To that end, other researchers, including a group from the University of Washington and Microsoft Research that published a paper in Nature in May, are also working on foundation models for digital pathology, and according to Shah, as more groups come up with foundation models or other AI-based tools and clinical use of these tools becomes more widespread, sustainability and reimbursement concerns will become an even bigger area of focus.

Addressing where the CHIEF model will fit in the clinical workflow, Yu said he sees the model "initially serving as an aid to pathologists, providing second opinions to support specialists in their final evaluations, thereby reducing the time needed to diagnose each case." However, in the long term CHIEF could evolve into an "autonomous pathology evaluation" system for routine cases, which would reduce pathologists' workload.

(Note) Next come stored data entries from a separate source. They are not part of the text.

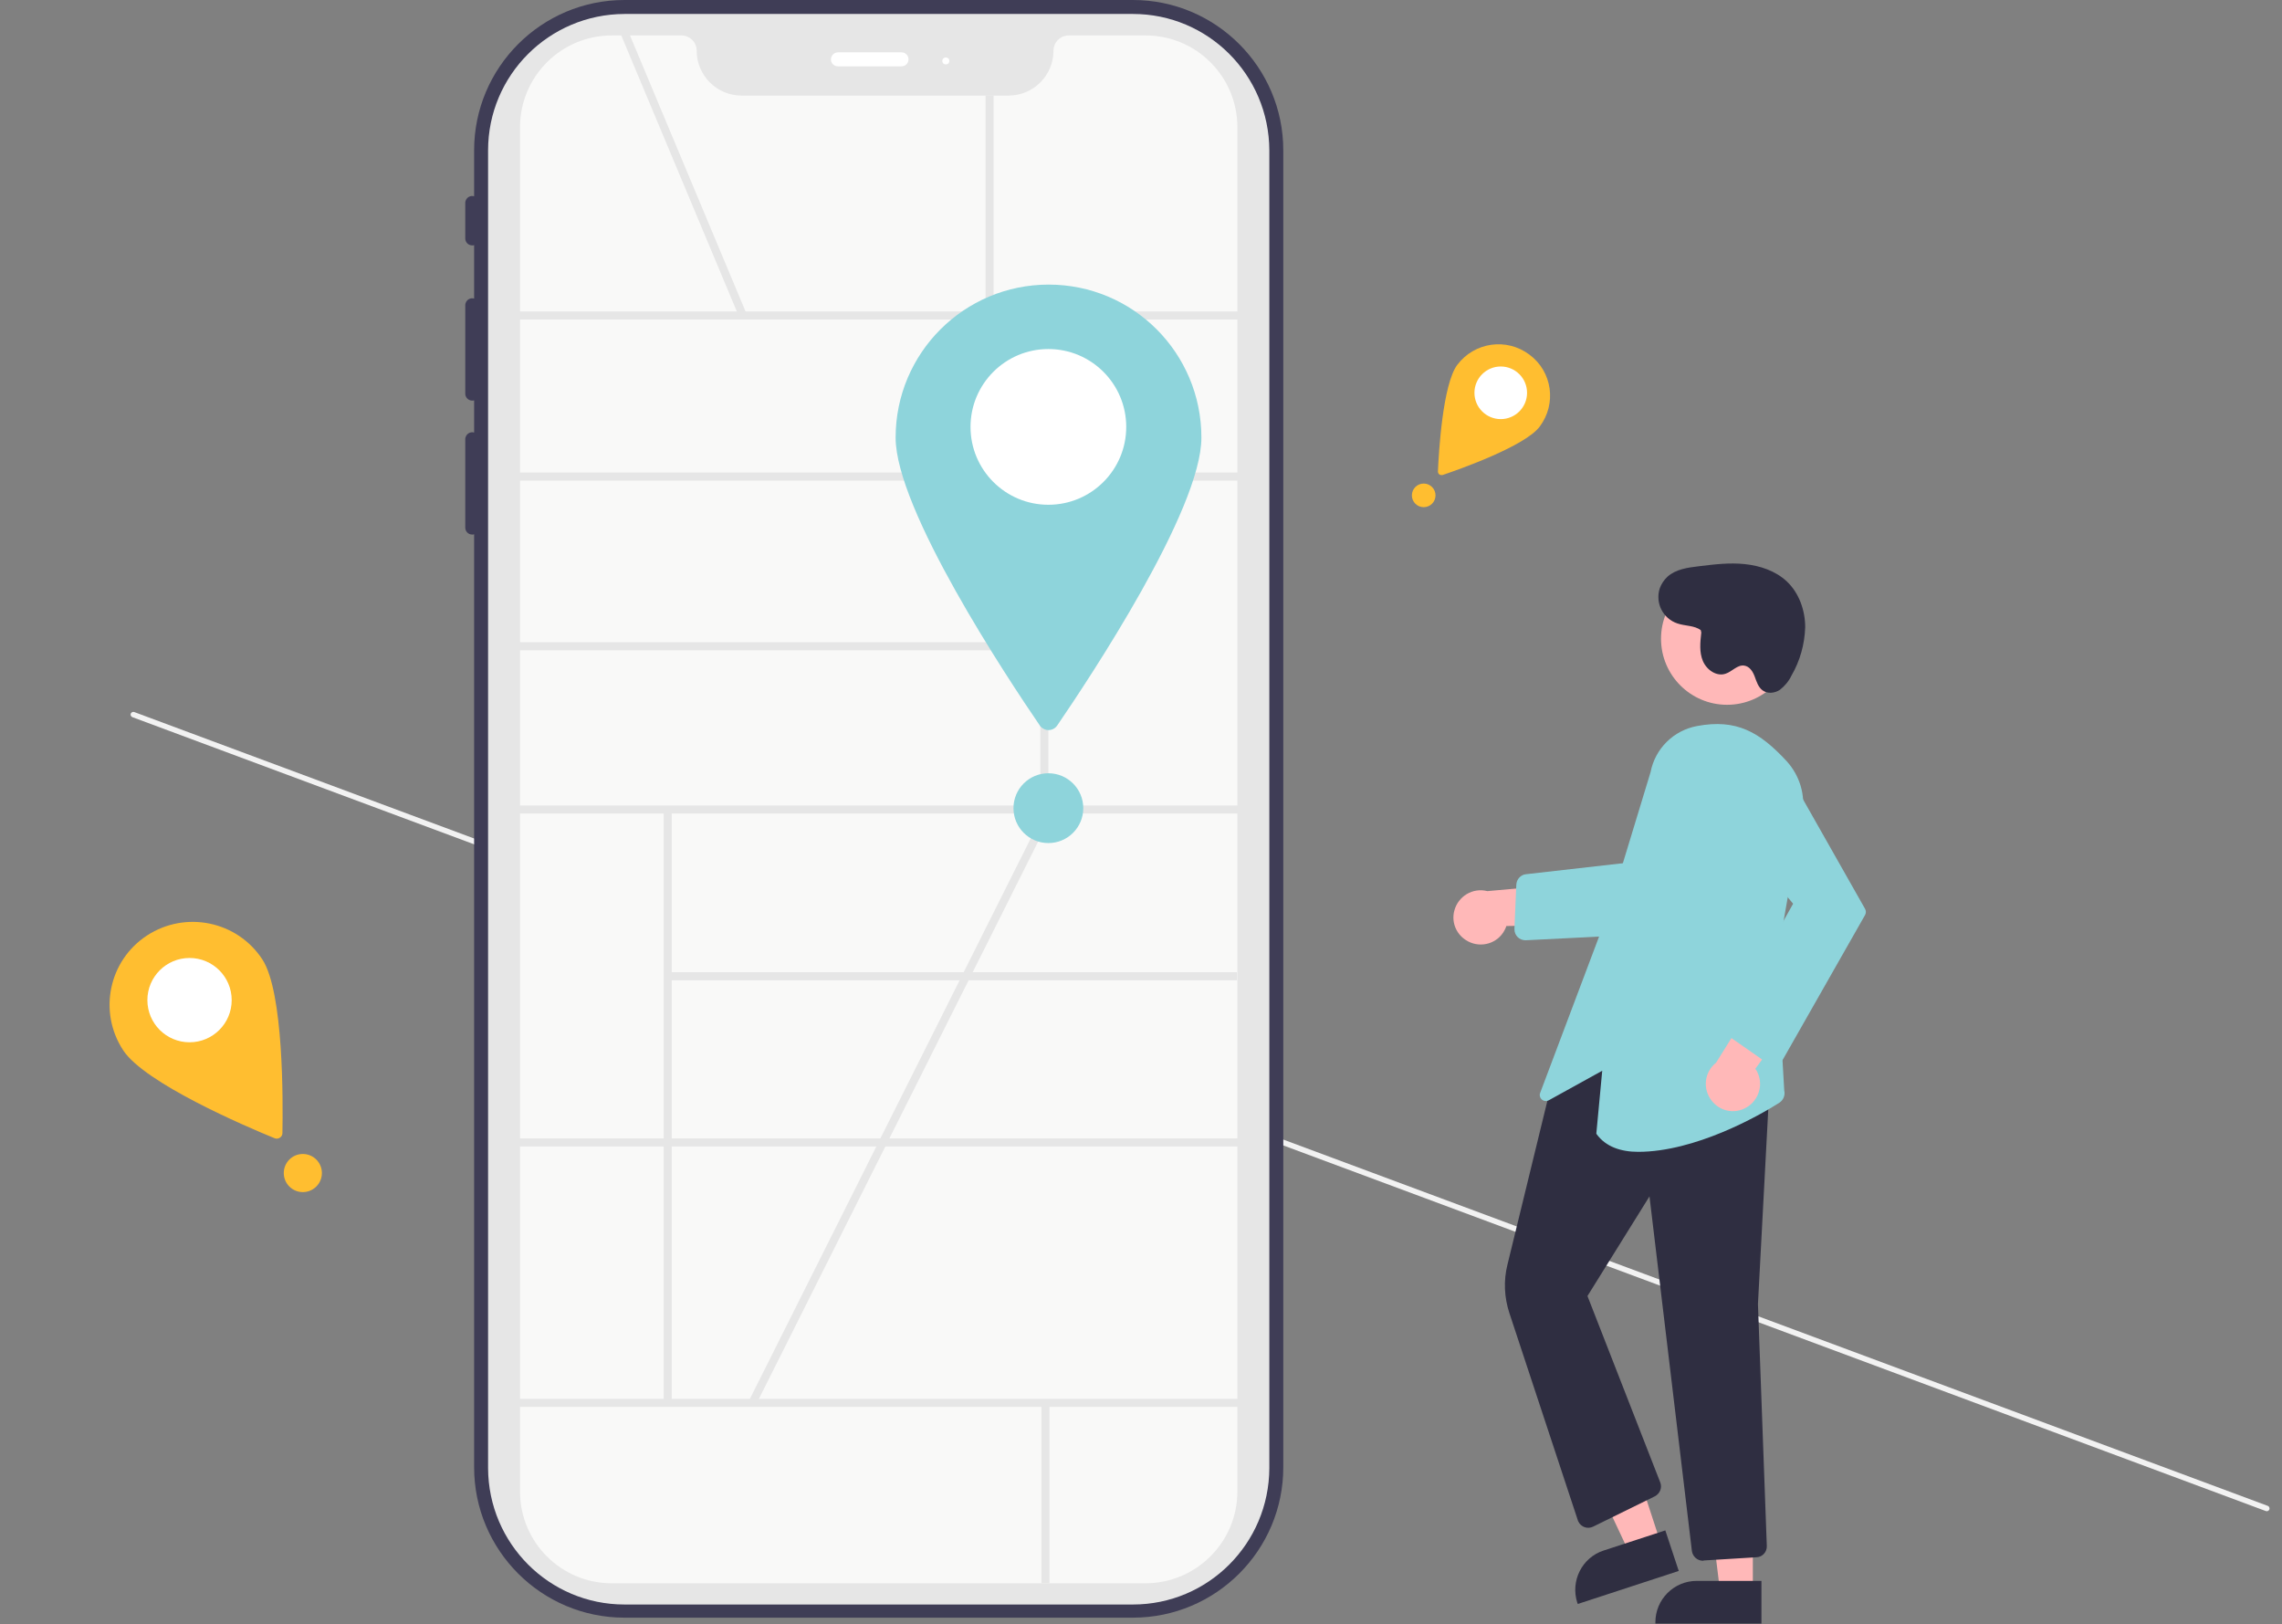 <?xml version="1.0" encoding="utf-8"?>
<!-- Generator: Adobe Illustrator 24.0.3, SVG Export Plug-In . SVG Version: 6.00 Build 0)  -->
<svg version="1.1" id="aba36255-1287-477b-8209-12b3db7d0b79"
	 xmlns="http://www.w3.org/2000/svg" xmlns:xlink="http://www.w3.org/1999/xlink" x="0px" y="0px" viewBox="0 0 850 605"
	 style="enable-background:new 0 0 850 605;" xml:space="preserve">
<rect x="0" y="0" width="850" height="605" fill="#808080" stroke="none"/>
<style type="text/css">
	.st0{fill:#F2F2F2;}
	.st1{fill:#3F3D56;}
	.st2{fill:#E6E6E6;}
	.st3{fill:#F9F9F8;}
	.st4{fill:#FFFFFF;}
	.st5{fill:#8ED4DB;}
	.st6{fill:#FFB8B8;}
	.st7{fill:#2F2E41;}
	.st8{fill:#FFBE30;}
</style>
<path class="st0" d="M845.3,562.2c-0.2,0.5-0.8,0.8-1.3,0.6L49.3,267.1c-0.5-0.2-0.8-0.8-0.6-1.3c0.2-0.5,0.8-0.8,1.3-0.6
	l794.8,295.7C845.2,561.1,845.5,561.7,845.3,562.2z"/>
<path class="st1" d="M422,0H232.6c-30.9,0-56,25.1-56,56v17.1c-1.4-0.4-2.8,0.4-3.2,1.8c-0.1,0.2-0.1,0.5-0.1,0.7v13.2
	c0,1.4,1.1,2.6,2.6,2.6c0.2,0,0.5,0,0.7-0.1v19.9c-1.4-0.4-2.8,0.4-3.2,1.8c-0.1,0.2-0.1,0.5-0.1,0.7v32.9c0,1.4,1.1,2.6,2.6,2.6
	c0.2,0,0.5,0,0.7-0.1v12c-1.4-0.4-2.8,0.4-3.2,1.8c-0.1,0.2-0.1,0.5-0.1,0.7v32.9c0,1.4,1.1,2.6,2.6,2.6c0.2,0,0.5,0,0.7-0.1v347.5
	c0,30.9,25.1,56,56,56H422c30.9,0,56-25.1,56-56V56C478,25.1,452.9,0,422,0z M466.1,546.9c0,24.4-19.8,44.2-44.2,44.2H232.6
	c-24.4,0-44.2-19.8-44.2-44.2V56c0-24.4,19.8-44.2,44.2-44.2H422c24.4,0,44.2,19.8,44.2,44.2V546.9z"/>
<path class="st2" d="M422,597.6H232.6c-28,0-50.7-22.7-50.8-50.8V56c0-28,22.7-50.7,50.8-50.8H422c28,0,50.7,22.7,50.8,50.8v490.8
	C472.7,574.9,450,597.6,422,597.6z"/>
<path class="st3" d="M426.6,589.7H227.9c-18.9,0-34.2-15.3-34.2-34.2V47.4c0-18.9,15.3-34.2,34.2-34.2h25.9c3.1,0,5.7,2.5,5.7,5.7
	c0,9.2,7.5,16.7,16.7,16.7h99.5c9.2,0,16.7-7.5,16.7-16.7c0-3.1,2.5-5.7,5.7-5.7h28.6c18.9,0,34.2,15.3,34.2,34.2v508.1
	C460.9,574.4,445.5,589.7,426.6,589.7z"/>
<path class="st4" d="M335.8,24.7h-23.7c-1.5,0-2.6-1.2-2.6-2.6s1.2-2.6,2.6-2.6h23.7c1.5,0,2.6,1.2,2.6,2.6S337.3,24.7,335.8,24.7z"
	/>
<circle class="st4" cx="352.3" cy="22.7" r="1.3"/>
<rect x="187" y="116" class="st2" width="280.3" height="3"/>
<rect x="187" y="176" class="st2" width="280.3" height="3"/>
<rect x="187" y="300" class="st2" width="280.3" height="3"/>
<rect x="187" y="424" class="st2" width="280.3" height="3"/>
<rect x="187" y="521" class="st2" width="280.3" height="3"/>
<rect x="387.5" y="117.5" class="st2" width="3" height="184"/>
<rect x="247.2" y="301.4" class="st2" width="3" height="221.1"/>
<rect x="248.7" y="362.1" class="st2" width="212.1" height="3"/>
<rect x="387.9" y="522.5" class="st2" width="3" height="67.2"/>
<rect x="193.2" y="239.2" class="st2" width="195.4" height="3"/>
<rect x="253.2" y="7.4" transform="matrix(0.922 -0.386 0.386 0.922 -5.224 103.333)" class="st2" width="3" height="114.5"/>
<rect x="367.1" y="35.5" class="st2" width="3" height="82"/>
<path class="st5" d="M447.5,163c0,26.9-41.6,89.5-53.7,107.2c-1.2,1.8-3.7,2.3-5.5,1c-0.4-0.3-0.8-0.6-1-1
	c-12.1-17.7-53.7-80.4-53.7-107.2c0-31.5,25.5-57,57-57S447.5,131.5,447.5,163z"/>
<circle class="st4" cx="390.5" cy="159" r="29"/>
<rect x="212.3" y="411.3" transform="matrix(0.448 -0.894 0.894 0.448 -184.027 527.605)" class="st2" width="245.4" height="3"/>
<path class="st6" d="M546.8,350.6c4.9,2.6,11,0.8,13.6-4.1c0.3-0.5,0.5-1.1,0.7-1.6l35.7-0.6L586.3,329l-32.3,2.9
	c-5.4-1.4-10.9,1.9-12.3,7.3C540.5,343.7,542.6,348.4,546.8,350.6L546.8,350.6z"/>
<path class="st5" d="M568.2,350.2c-2.3,0-4.1-1.8-4.1-4.1c0-0.1,0-0.1,0-0.2l0.7-16.4c0.1-2,1.6-3.7,3.6-3.9l41.4-4.7l-1.4,27.3
	l-40.1,2C568.3,350.2,568.3,350.2,568.2,350.2z"/>
<polygon class="st6" points="618.6,574.8 607,578.6 586.7,535.4 603.9,529.8 "/>
<path class="st7" d="M625.3,585.1l-37.6,12.3l-0.2-0.5c-2.6-8.1,1.8-16.8,9.8-19.4c0,0,0,0,0,0l0,0l23-7.5L625.3,585.1z"/>
<polygon class="st6" points="652.9,592.8 640.7,592.8 634.9,545.5 652.9,545.5 "/>
<path class="st7" d="M656.1,604.7l-39.5,0v-0.5c0-8.5,6.9-15.4,15.4-15.4c0,0,0,0,0,0h0l24.1,0L656.1,604.7z"/>
<path class="st7" d="M634.3,581.3c-2.1,0-3.8-1.6-4.1-3.6l-15.8-132.1l-23.1,37.1l27.1,69.4c0.8,2-0.1,4.2-2,5.2l-23,11.3
	c-2,1-4.5,0.2-5.5-1.9c-0.1-0.2-0.2-0.3-0.2-0.5L562.2,489c-1.9-5.8-2.2-12-0.7-18l16.5-67.7l0.2-0.1l37.2-20.4l0.2,0.1l43.8,16
	l-4.6,86.8l3.3,90.1c0.1,2.2-1.6,4.1-3.8,4.2l-19.7,1.2C634.5,581.3,634.4,581.3,634.3,581.3z"/>
<path class="st5" d="M610.2,429c-6.5,0-12.1-1.9-15.5-6.6l-0.1-0.2l2.2-23.4l-19.9,11c-1.1,0.6-2.5,0.2-3.1-0.9
	c-0.3-0.6-0.4-1.3-0.1-1.9l24.8-65.8l16.3-53.6c1.7-8.8,8.6-15.6,17.4-17.2l0,0c14.6-2.7,23.2,2.2,33.3,13.1
	c4.9,5.4,7.1,12.7,5.8,19.9l-9.5,54.2l2.8,48.6c0.4,1.7-0.3,3.5-1.8,4.5C655,415.7,631.3,429,610.2,429z"/>
<circle class="st6" cx="643.3" cy="237.9" r="24.6"/>
<path class="st6" d="M649.7,412.9c5-2.3,7.3-8.3,5-13.3c-0.2-0.5-0.5-1.1-0.9-1.5l21.1-28.9l-18.5-0.9l-17.2,27.5
	c-4.4,3.5-5.1,9.8-1.6,14.2C640.5,413.7,645.5,414.9,649.7,412.9L649.7,412.9z"/>
<path class="st5" d="M661.1,396.6c-1,0.1-2.1-0.1-2.9-0.7l-13.9-9.7c-1.7-1.2-2.3-3.5-1.2-5.4l24.8-44.2l-25-30.1
	c-5.2-6.3-4.4-15.6,1.9-20.8s15.6-4.4,20.8,1.9c0.6,0.7,1.1,1.4,1.5,2.2l27.6,48.7c0.4,0.7,0.4,1.6,0,2.3l-30.6,53.8
	c-0.6,1-1.5,1.7-2.7,2C661.3,396.6,661.2,396.6,661.1,396.6z"/>
<path class="st7" d="M633.5,234.7c-2.4-1.8-5.8-1.5-8.7-2.5c-5.4-1.8-8.3-7.6-6.6-13c0.6-1.7,1.6-3.2,2.9-4.4
	c3.1-2.8,7.5-3.4,11.7-3.9c5.7-0.7,11.4-1.4,17.1-0.8s11.4,2.5,15.6,6.4c4.6,4.3,6.9,10.8,6.9,17.1c-0.2,6.3-1.9,12.5-5.1,18
	c-1,2.1-2.5,3.9-4.3,5.3c-1.9,1.3-4.6,1.6-6.5,0.2c-1.6-1.2-2.2-3.2-2.9-5.1s-1.9-3.8-3.9-4.1c-2.5-0.4-4.5,2.2-6.9,3
	c-3.4,1.2-7.1-1.4-8.5-4.7s-1-7-0.6-10.6"/>
<circle class="st5" cx="390.5" cy="301" r="13"/>
<path class="st8" d="M573.5,158.9c-5.4,7.2-29.3,15.7-36.1,18c-0.7,0.2-1.5-0.1-1.7-0.8c-0.1-0.2-0.1-0.3-0.1-0.5
	c0.3-7.2,1.8-32.5,7.2-39.7c6.4-8.5,18.4-10.2,26.9-3.8C578.2,138.4,579.9,150.4,573.5,158.9L573.5,158.9L573.5,158.9z"/>
<circle class="st4" cx="559" cy="146.3" r="9.8"/>
<circle class="st8" cx="530.3" cy="184.5" r="4.4"/>
<path class="st8" d="M97.7,357.3c8,12.2,7.7,53,7.5,64.7c0,1.2-1,2.1-2.2,2.1c-0.3,0-0.5-0.1-0.8-0.2c-10.8-4.4-48.3-20.5-56.3-32.7
	c-9.4-14.3-5.4-33.5,8.9-42.8S88.3,343,97.7,357.3C97.7,357.3,97.7,357.3,97.7,357.3z"/>
<circle class="st4" cx="70.6" cy="372.5" r="15.7"/>
<circle class="st8" cx="112.8" cy="436.9" r="7.1"/>
</svg>

He added that resource and economic constraints "could actually facilitate the adoption of open-source models like CHIEF." As long as a hospital has digital pathology scanners and electronic medical record systems for pathology images, incorporating CHIEF or another similar model "would involve minimal costs, primarily for hiring one to two developers to integrate our tools into the existing medical record system and covering computer server expenses," he added. "These costs would be significantly lower than onboarding additional medical specialists and technicians to manage the growing clinical workload."

Yu also mentioned that his team is working on a separate project to enable low-cost digital pathology imaging for hospitals and clinics without standard pathology scanners.